[Items from a data source]
· · · · · · ·

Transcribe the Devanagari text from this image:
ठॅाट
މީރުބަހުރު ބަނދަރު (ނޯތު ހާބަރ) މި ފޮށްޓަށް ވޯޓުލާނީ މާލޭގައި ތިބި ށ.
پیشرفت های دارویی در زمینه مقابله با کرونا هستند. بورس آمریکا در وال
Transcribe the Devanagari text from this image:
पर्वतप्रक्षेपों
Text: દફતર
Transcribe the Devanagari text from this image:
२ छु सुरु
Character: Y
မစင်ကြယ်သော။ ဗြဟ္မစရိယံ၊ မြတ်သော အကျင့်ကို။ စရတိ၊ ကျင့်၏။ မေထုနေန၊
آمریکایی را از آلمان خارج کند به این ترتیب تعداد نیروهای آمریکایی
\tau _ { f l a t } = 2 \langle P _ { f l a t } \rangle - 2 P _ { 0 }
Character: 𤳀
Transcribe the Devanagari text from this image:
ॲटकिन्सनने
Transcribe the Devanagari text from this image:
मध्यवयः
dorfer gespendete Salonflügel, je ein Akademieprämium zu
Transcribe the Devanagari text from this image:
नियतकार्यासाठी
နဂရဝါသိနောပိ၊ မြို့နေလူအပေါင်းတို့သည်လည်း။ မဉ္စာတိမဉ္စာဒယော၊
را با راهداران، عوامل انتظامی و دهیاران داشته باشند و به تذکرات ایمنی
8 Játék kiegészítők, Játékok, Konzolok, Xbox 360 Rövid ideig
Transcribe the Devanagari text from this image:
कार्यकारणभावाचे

· · · · · · ·

_THE TASK_
Every entry must be quoted exactly as it appears above.

_EXERCISE RESPONSE_
Transcribe the Devanagari text from this image:
ठॅाट
މީރުބަހުރު ބަނދަރު (ނޯތު ހާބަރ) މި ފޮށްޓަށް ވޯޓުލާނީ މާލޭގައި ތިބި ށ.
پیشرفت های دارویی در زمینه مقابله با کرونا هستند. بورس آمریکا در وال
Transcribe the Devanagari text from this image:
पर्वतप्रक्षेपों
Text: દફતર
Transcribe the Devanagari text from this image:
२ छु सुरु
Character: Y
မစင်ကြယ်သော။ ဗြဟ္မစရိယံ၊ မြတ်သော အကျင့်ကို။ စရတိ၊ ကျင့်၏။ မေထုနေန၊
آمریکایی را از آلمان خارج کند به این ترتیب تعداد نیروهای آمریکایی
\tau _ { f l a t } = 2 \langle P _ { f l a t } \rangle - 2 P _ { 0 }
Character: 𤳀
Transcribe the Devanagari text from this image:
ॲटकिन्सनने
Transcribe the Devanagari text from this image:
मध्यवयः
dorfer gespendete Salonflügel, je ein Akademieprämium zu
Transcribe the Devanagari text from this image:
नियतकार्यासाठी
နဂရဝါသိနောပိ၊ မြို့နေလူအပေါင်းတို့သည်လည်း။ မဉ္စာတိမဉ္စာဒယော၊
را با راهداران، عوامل انتظامی و دهیاران داشته باشند و به تذکرات ایمنی
8 Játék kiegészítők, Játékok, Konzolok, Xbox 360 Rövid ideig
Transcribe the Devanagari text from this image:
कार्यकारणभावाचे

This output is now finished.